There’s so much I haven’t grokked. I don’t understand social media or content marketing. I have no clue what goes viral. What is cool? What will people like? Why should people download my app over other apps? How should I manage pricing? When do you quit (or continue)? What makes a copy good?
I wish there were a GPT that allowed me to iterate on content for marketing, something that gave real, honest feedback. Maybe that will be the next thing I build.
I have been exposed to what I don’t know. Thank god for that. I think if someone asked me these questions in a class, I might have an answer. But I’m not being tested on my knowledge, but my conviction.
My lack of validation is showing. My excuses grow thinner.
On Design
CSS is hard. Figma is hard. How should I structure my app? What makes something pretty? What should I name my app?
I came up with so many different names and logo designs. Half of the names were terrible. Things like “ContextChat” or “AutoChat.” They were just the app description. Those names brought me physical pain.

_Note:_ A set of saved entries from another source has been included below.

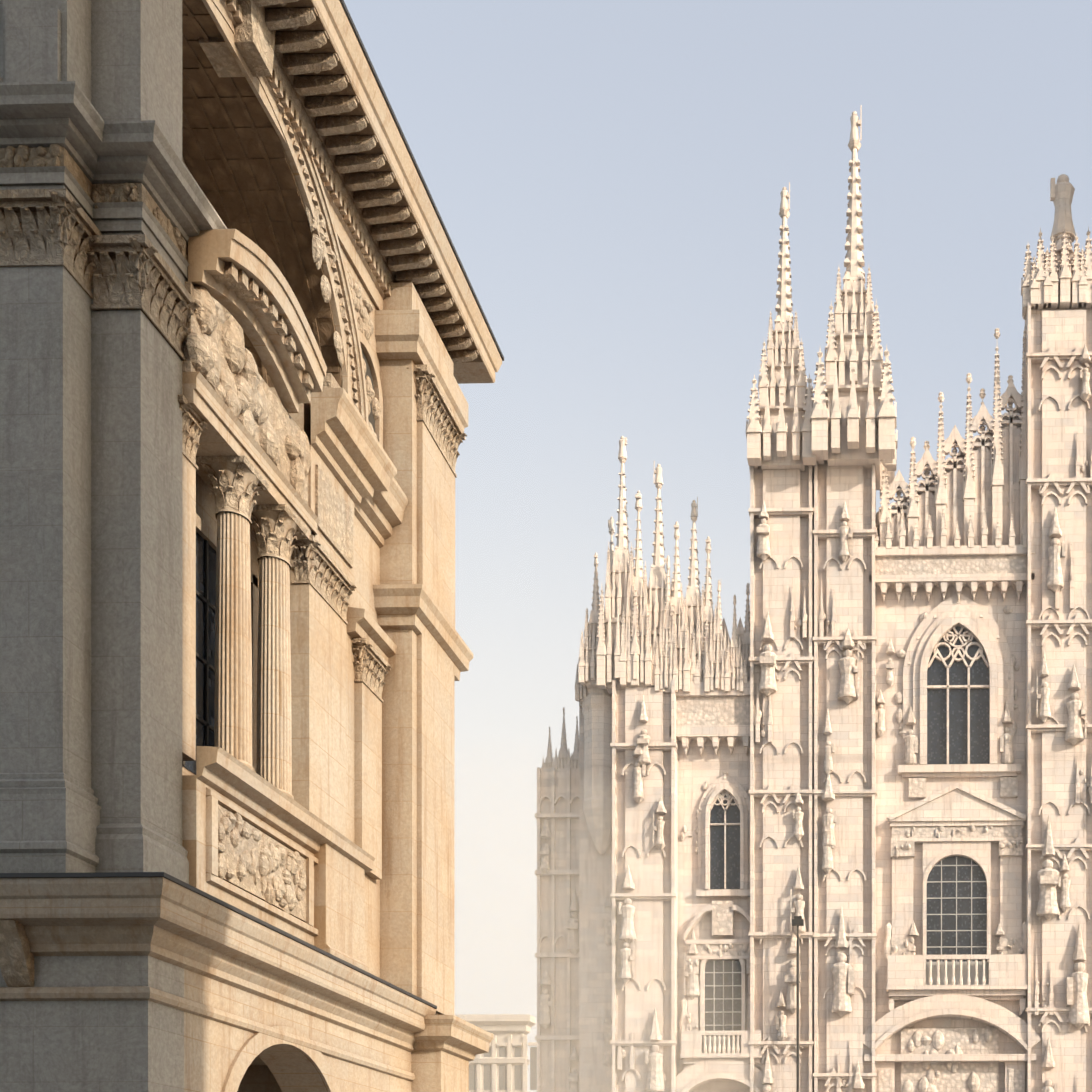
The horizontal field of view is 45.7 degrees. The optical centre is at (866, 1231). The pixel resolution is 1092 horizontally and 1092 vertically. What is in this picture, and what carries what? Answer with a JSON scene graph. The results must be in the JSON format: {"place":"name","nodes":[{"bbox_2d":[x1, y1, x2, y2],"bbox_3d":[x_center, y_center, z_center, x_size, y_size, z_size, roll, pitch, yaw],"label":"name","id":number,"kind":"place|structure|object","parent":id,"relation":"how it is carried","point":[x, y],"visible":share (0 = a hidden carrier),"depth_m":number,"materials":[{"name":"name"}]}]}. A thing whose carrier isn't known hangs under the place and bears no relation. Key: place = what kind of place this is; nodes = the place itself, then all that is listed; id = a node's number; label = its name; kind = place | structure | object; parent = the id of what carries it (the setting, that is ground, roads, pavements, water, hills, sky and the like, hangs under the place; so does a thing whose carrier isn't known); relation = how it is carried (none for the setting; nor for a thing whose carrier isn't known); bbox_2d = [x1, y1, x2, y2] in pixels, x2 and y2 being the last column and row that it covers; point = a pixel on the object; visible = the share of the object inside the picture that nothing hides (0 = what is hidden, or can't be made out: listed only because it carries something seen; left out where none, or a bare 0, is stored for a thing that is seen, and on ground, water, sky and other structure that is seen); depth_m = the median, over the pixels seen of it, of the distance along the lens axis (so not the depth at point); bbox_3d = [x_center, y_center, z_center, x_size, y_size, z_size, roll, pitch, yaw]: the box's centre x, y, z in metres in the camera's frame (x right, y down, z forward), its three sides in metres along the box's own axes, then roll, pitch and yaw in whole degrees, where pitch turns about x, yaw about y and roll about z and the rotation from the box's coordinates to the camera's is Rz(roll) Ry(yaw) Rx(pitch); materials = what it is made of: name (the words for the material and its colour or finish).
{"place":"outdoors","nodes":[
{"label":"outdoors","id":0,"kind":"place"},
{"bbox_2d":[344,0,1091,1091],"label":"sky","id":1,"kind":"structure","parent":0,"point":[606,179],"materials":[{"name":"blue"}]},
{"bbox_3d":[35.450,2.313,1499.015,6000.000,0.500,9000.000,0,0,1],"label":"piazza ground","id":2,"kind":"structure","parent":0,"visible":0},
{"bbox_2d":[0,0,501,1091],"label":"building facade","id":3,"kind":"structure","parent":2,"relation":"on","point":[362,822],"depth_m":26.76,"materials":[{"name":"beige stone"}]},
{"bbox_2d":[0,0,226,1091],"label":"palazzo corner","id":4,"kind":"object","parent":3,"relation":"attached to","point":[90,596],"visible":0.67,"depth_m":20.20,"materials":[{"name":"stone"}]},
{"bbox_2d":[183,532,215,774],"bbox_3d":[-12.968,-11.187,24.030,0.020,4.700,3.150,0,0,1],"label":"window frame","id":5,"kind":"object","parent":3,"relation":"in","point":[200,642],"depth_m":23.95,"materials":[{"name":"black metal"}]},
{"bbox_2d":[0,0,476,986],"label":"palazzo carvings","id":6,"kind":"object","parent":3,"relation":"attached to","point":[198,328],"visible":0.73,"depth_m":23.89,"materials":[{"name":"beige stone"}]},
{"bbox_2d":[0,0,503,1008],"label":"roof flashing","id":7,"kind":"object","parent":3,"relation":"attached to","point":[172,878],"visible":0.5,"depth_m":24.66,"materials":[{"name":"grey metal"}]},
{"bbox_2d":[208,462,297,799],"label":"columns","id":8,"kind":"structure","parent":3,"relation":"attached to","point":[233,691],"depth_m":23.69,"materials":[{"name":"beige stone"}]},
{"bbox_2d":[182,348,374,765],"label":"palazzo window bars","id":9,"kind":"object","parent":3,"relation":"in","point":[208,604],"visible":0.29,"depth_m":24.02,"materials":[{"name":"black metal"}]},
{"bbox_2d":[182,0,482,387],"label":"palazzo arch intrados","id":10,"kind":"object","parent":3,"relation":"attached to","point":[235,160],"visible":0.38,"depth_m":25.76,"materials":[{"name":"beige stone"}]},
{"bbox_2d":[455,1014,537,1091],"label":"building","id":11,"kind":"structure","parent":2,"relation":"on","point":[486,1018],"depth_m":74.85,"materials":[{"name":"grey stone"}]},
{"bbox_2d":[469,1047,536,1089],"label":"windows","id":12,"kind":"structure","parent":11,"relation":"in","point":[501,1069],"depth_m":74.96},
{"bbox_2d":[792,916,803,1091],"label":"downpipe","id":13,"kind":"object","parent":2,"relation":"on","point":[797,920],"depth_m":96.90,"materials":[{"name":"grey metal"}]},
{"bbox_2d":[535,252,1091,1091],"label":"cathedral facade","id":14,"kind":"structure","parent":2,"relation":"on","point":[853,604],"depth_m":98.52,"materials":[{"name":"beige stone"}]},
{"bbox_2d":[539,344,1090,1091],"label":"duomo carvings","id":15,"kind":"object","parent":14,"relation":"attached to","point":[941,1076],"depth_m":98.52,"materials":[{"name":"beige stone"}]},
{"bbox_2d":[541,105,1091,1052],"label":"spires","id":16,"kind":"object","parent":14,"relation":"on","point":[859,357],"depth_m":98.62,"materials":[{"name":"stone"}]},
{"bbox_2d":[703,857,987,1052],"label":"window grilles","id":17,"kind":"object","parent":14,"relation":"in","point":[957,970],"depth_m":99.10,"materials":[{"name":"black metal"}]},
{"bbox_2d":[705,626,988,1036],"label":"window glass","id":18,"kind":"object","parent":14,"relation":"in","point":[959,673],"depth_m":99.23,"materials":[{"name":"black glass"}]},
{"bbox_2d":[710,624,989,888],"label":"window tracery","id":19,"kind":"object","parent":14,"relation":"in","point":[960,648],"depth_m":98.93,"materials":[{"name":"beige stone"}]}
]}

Eventually, I was talking to a few of my friends about startup news. The topic soon turned to Anduril and Palantir. I just stole their strategy: name your project after fictional items. I finally found something I liked.
Note: If you haven’t read the Three-Body Problem trilogy, you should.
Later, I asked myself if I could apply the same idea to my app design. I spent some time compiling a list of my favourite websites and designs and asked myself where I could go from there. I didn’t get anywhere. Lovable could have made prettier apps than the ideas I came up with. Even if I took screenshots of UI elements and just stole them all, it wouldn’t look good. I think it’s because I don’t consume enough intelligent design. I look past the objects and software in my life.
Conclusion
I’m happy I did this. I’ll definitely do it again. I like putting effort into software and the idea of making things people use. It brings me inner peace.
Here’s what I would do next time:
Actually validate. Send some cold DMs and just do it.
You need to ship. Your product will never satisfy everyone, so just put it out there.
Your marketing might bother people. Still, you can’t not market.
Taste is something to be developed, and it is worthwhile to work on it.
I think I’m at least a better dev now. I hope I’m now better at marketing, or at least know more. I’m definitely more biased toward action. When some guy at a networking event asks me what I’m building, I’ll have a better answer.
I hope you enjoy my app. Please let me know if you find any bugs or have suggestions, I’d love to fix or implement them.